People mean well… but sometimes it’s better to say nothing at all.
- “I know how you feel… my dog is so cheeky!”. Firstly, you’re comparing my child to an animal. Only I am allowed to do that. Secondly, when your dog grows opposable thumbs and smushes strawberries into the carpet, or throws a screaming tantrum in the supermarket because you didn’t let them pick up every single packet of biscuits, then we’ll talk.
- “Just wait until the terrible twos – you haven’t seen anything yet!”. There’s this thing called ‘blissful ignorance’, and it shouldn’t be disturbed.
- “You’re so mean to them”. It’s called ‘not raising a little asshole’, and your parents should have tried it with you. If stopping them from choking on tiny objects/running out into a busy road/pulling a shelf of heavy items down on top of them is “mean”, I will wear the badge of Mean Parent with pride.

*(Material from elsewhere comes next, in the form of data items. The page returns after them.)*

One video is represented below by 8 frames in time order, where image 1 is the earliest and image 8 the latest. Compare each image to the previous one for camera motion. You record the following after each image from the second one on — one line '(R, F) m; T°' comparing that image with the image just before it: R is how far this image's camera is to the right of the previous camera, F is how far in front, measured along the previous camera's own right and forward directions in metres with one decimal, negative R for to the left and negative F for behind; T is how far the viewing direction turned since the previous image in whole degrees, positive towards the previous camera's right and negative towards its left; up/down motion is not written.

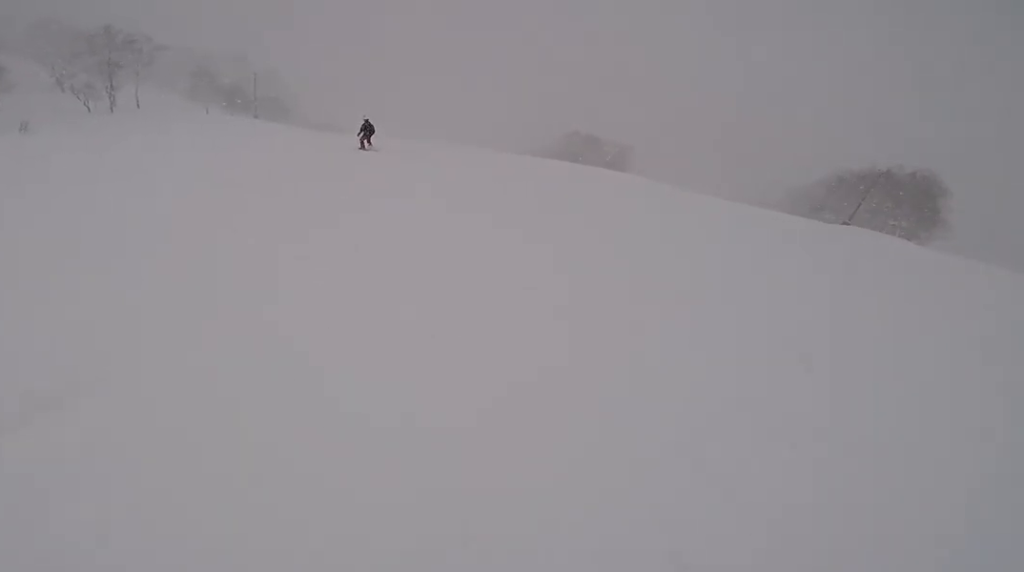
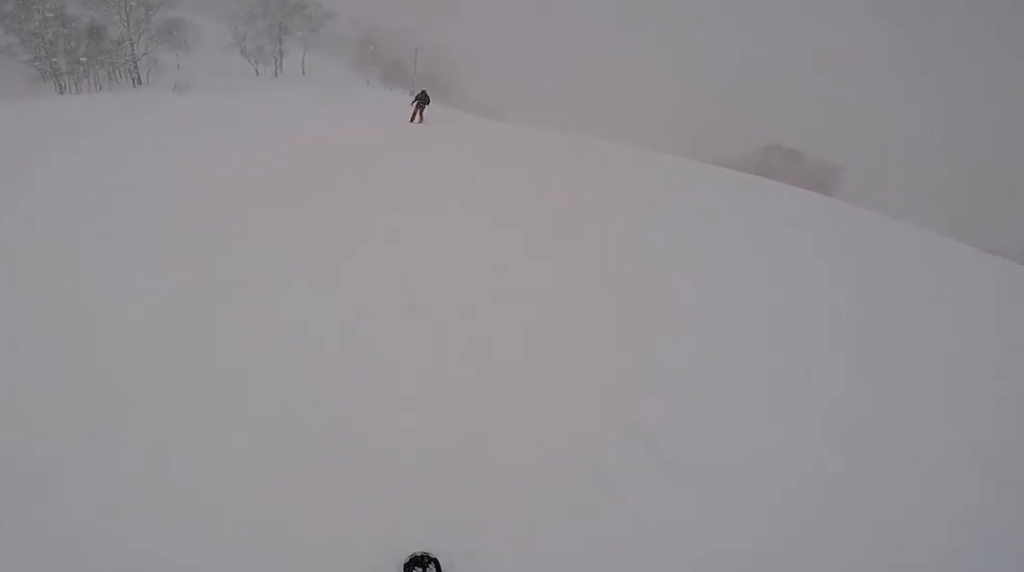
(-1.0, +4.9) m; -15°
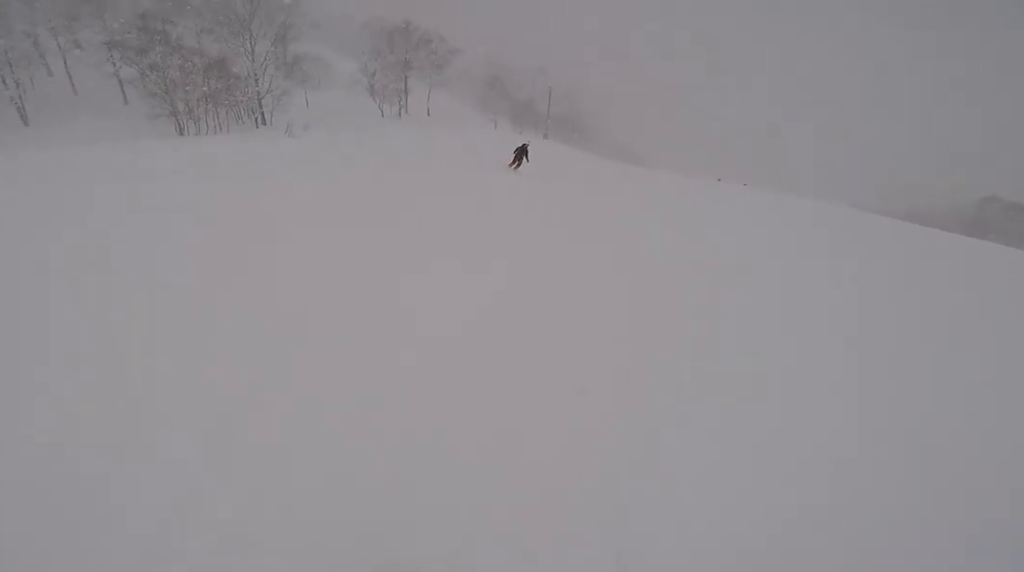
(-1.0, +6.7) m; -21°
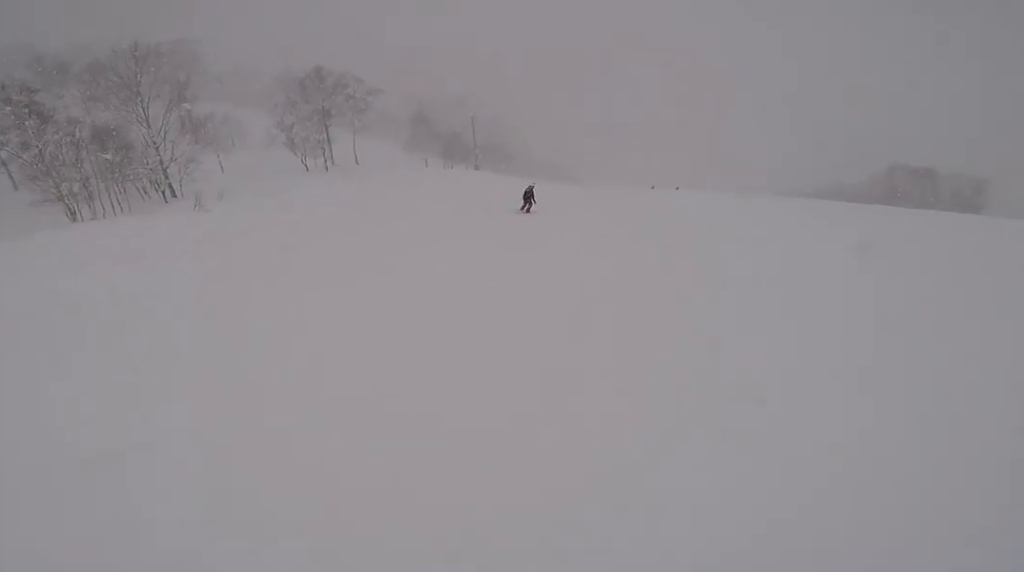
(-0.6, +4.7) m; -12°
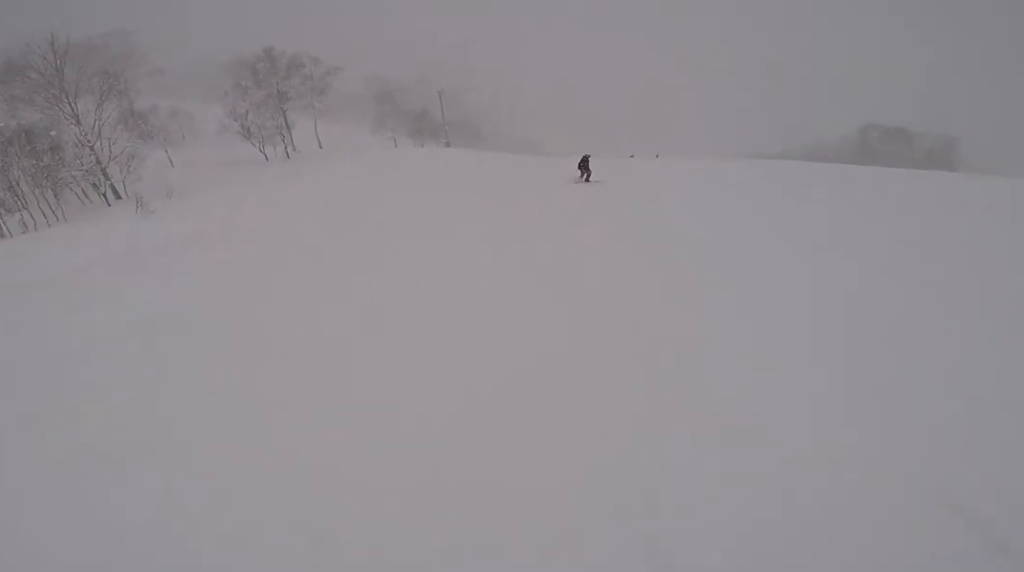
(-0.9, +3.5) m; -4°
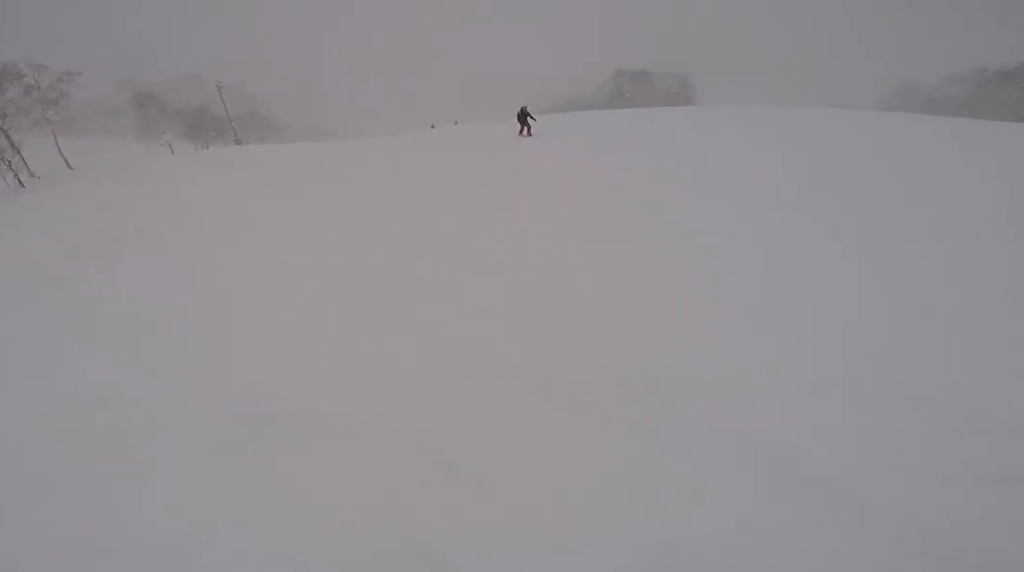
(+0.4, +6.0) m; +23°
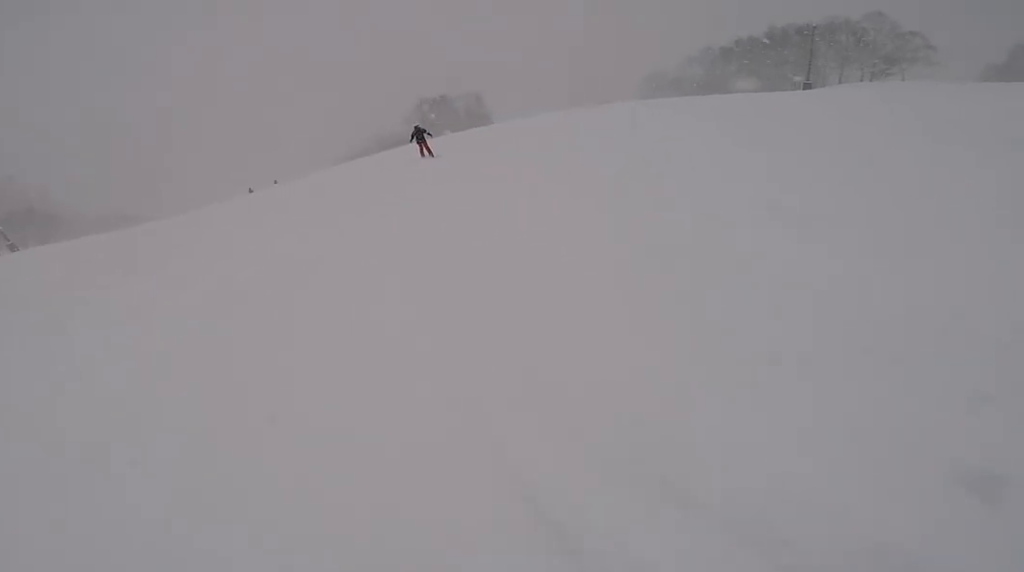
(+0.8, +4.1) m; +19°
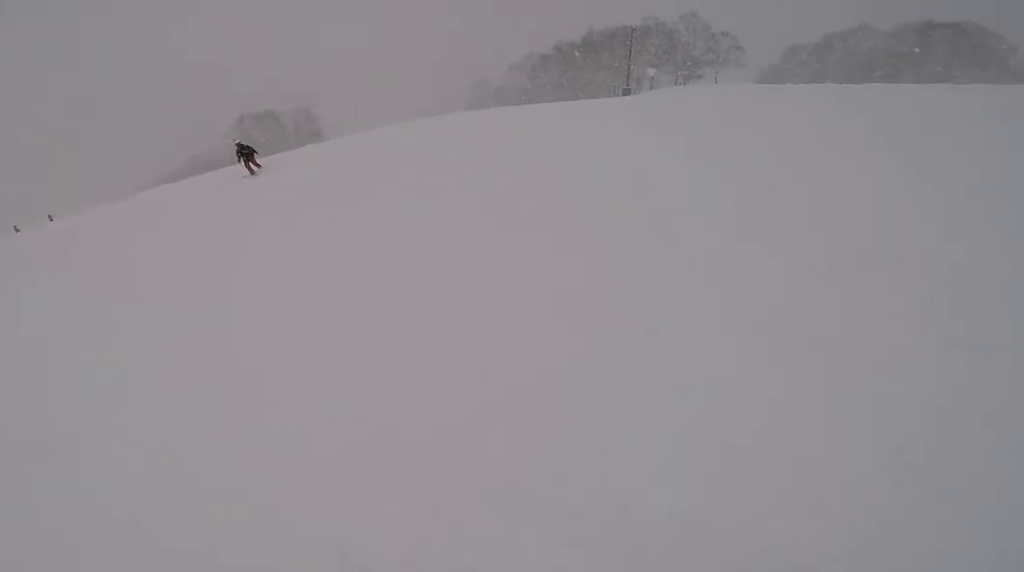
(+2.2, +7.3) m; +21°

- “It’s because you’re doing _______ wrong”. Sorry, did I ask for a critique of my parenting skills? The only thing worse than hearing this phrase, is hearing it from someone who doesn’t have kids.
- “They’ll grow out of it”. In six or seven years. Maybe. You’re not helping!

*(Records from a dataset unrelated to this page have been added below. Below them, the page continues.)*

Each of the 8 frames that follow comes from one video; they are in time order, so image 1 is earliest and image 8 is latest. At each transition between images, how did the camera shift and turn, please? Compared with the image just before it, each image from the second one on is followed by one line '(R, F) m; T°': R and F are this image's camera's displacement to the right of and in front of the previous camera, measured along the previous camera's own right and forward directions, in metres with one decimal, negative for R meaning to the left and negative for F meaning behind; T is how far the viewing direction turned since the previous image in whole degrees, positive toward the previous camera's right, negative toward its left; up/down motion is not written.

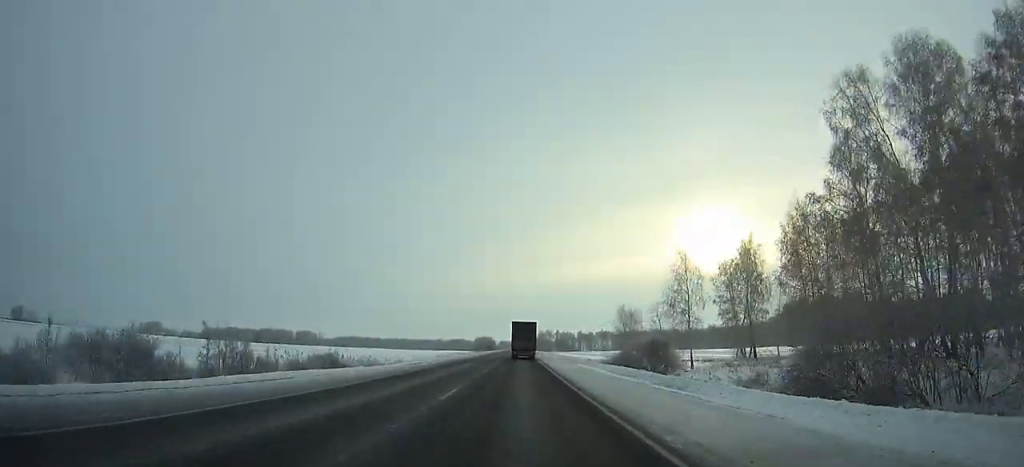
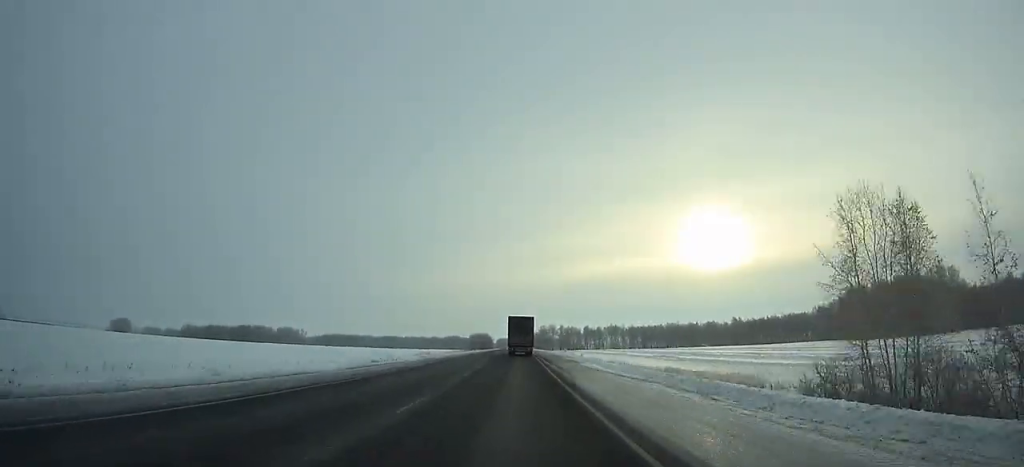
(-0.1, +62.3) m; 0°
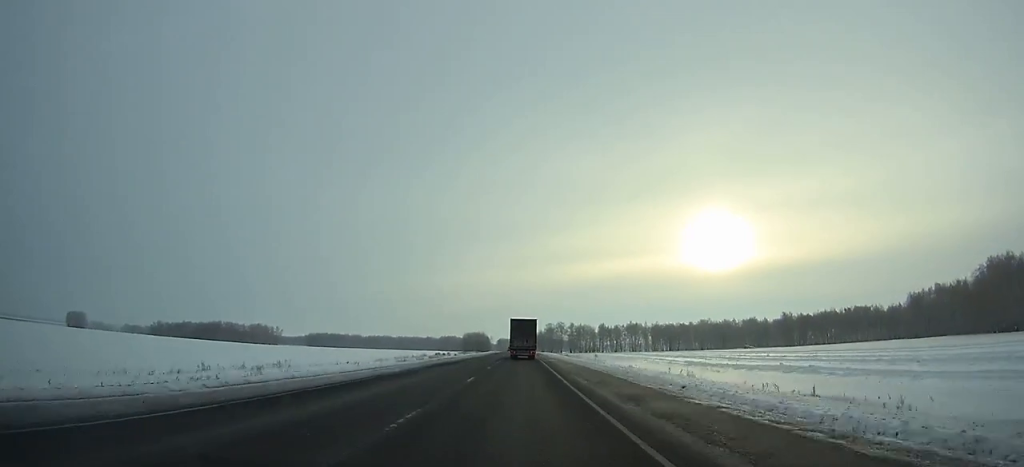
(-0.1, +85.1) m; 0°
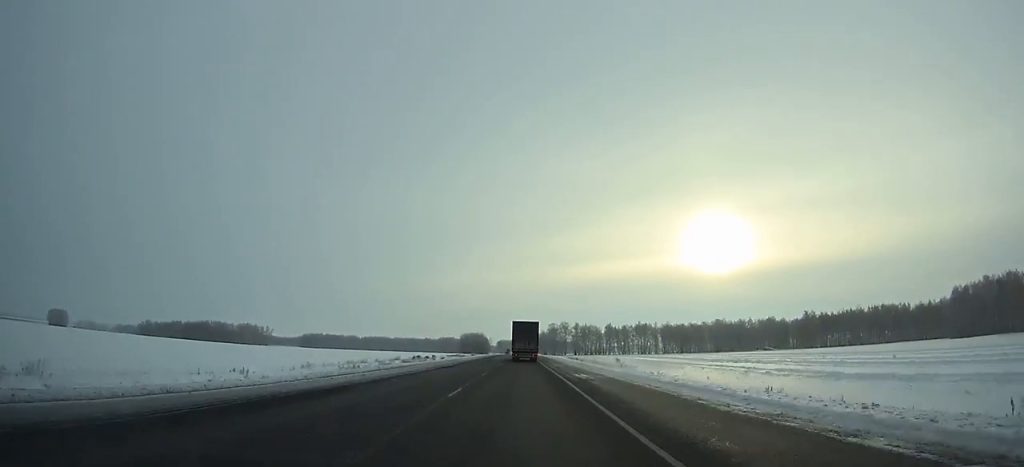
(0.0, +29.6) m; 0°
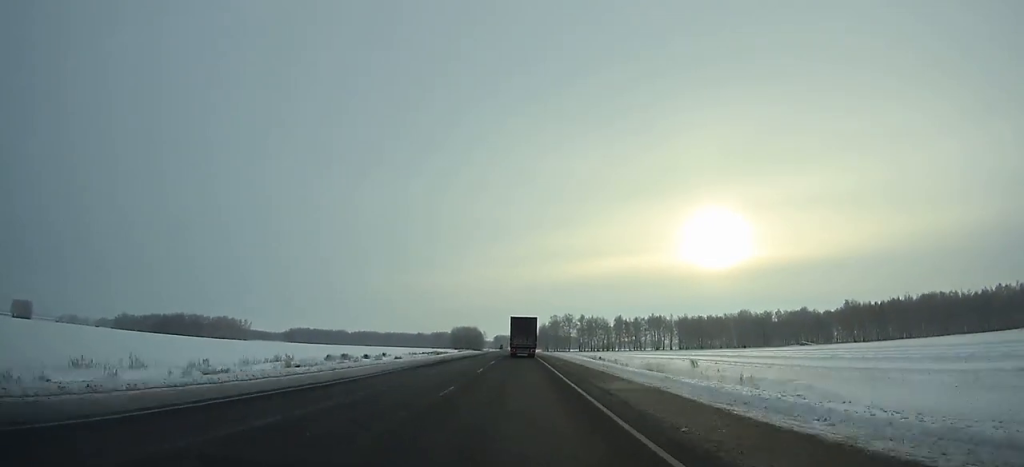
(0.0, +48.7) m; 0°
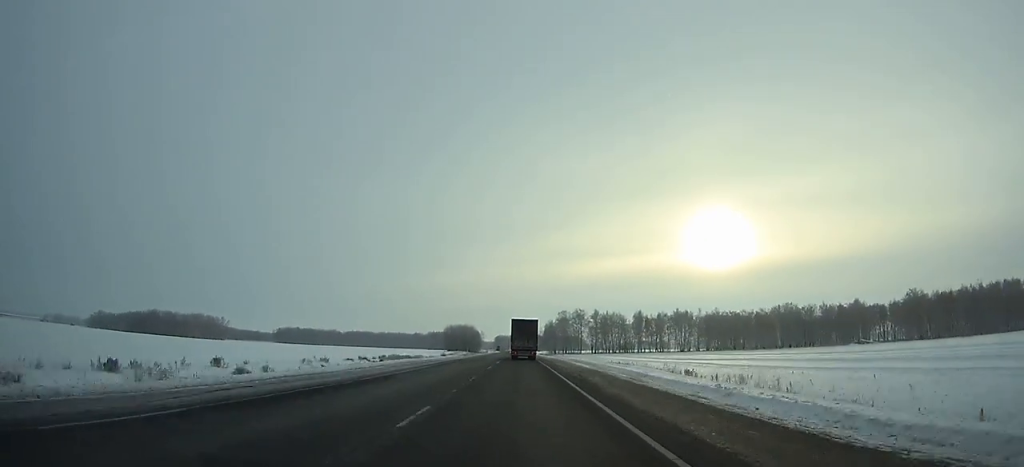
(0.0, +53.1) m; 0°
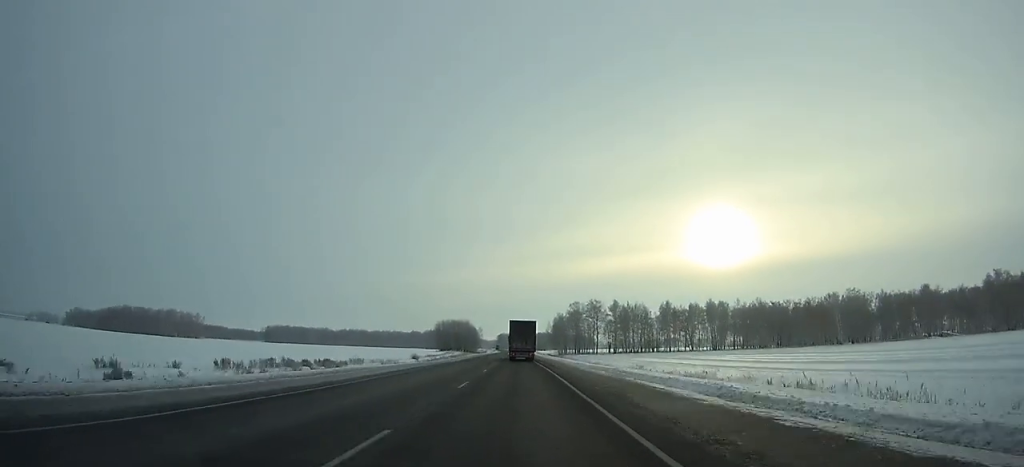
(-0.2, +51.6) m; 0°
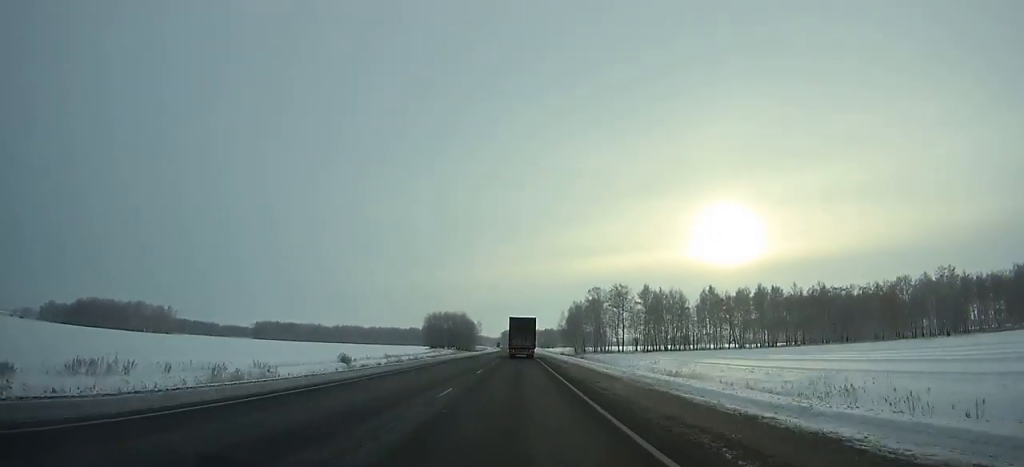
(-0.2, +52.6) m; 0°

- “She has lots of tantrums. Could it be autism?”. There is a pretty big difference between an ASD meltdown and a few toddler tantrums over teething pains and being forced to wear people clothes. This phrase is only acceptable if you are a behavioural psychologist.
- “Do you give them lots of sugar?”. There’s no link between sugar and hyperactivity, that’s been disproved. Science aside, can we stop blaming my parenting for my child’s perfectly natural tantrums?
- “How could you call her a monster? She’s a little angel!”. That’s exactly what she wants you to think.
- “When are you giving her a little brother or sister?”. Consider that the person you’re asking may either be a) not wanting any children in the future, or b) desperately trying for another and getting upset that it isn’t happening yet. Mind your own business.
- “You just need to give them a good smack”. Fuck off.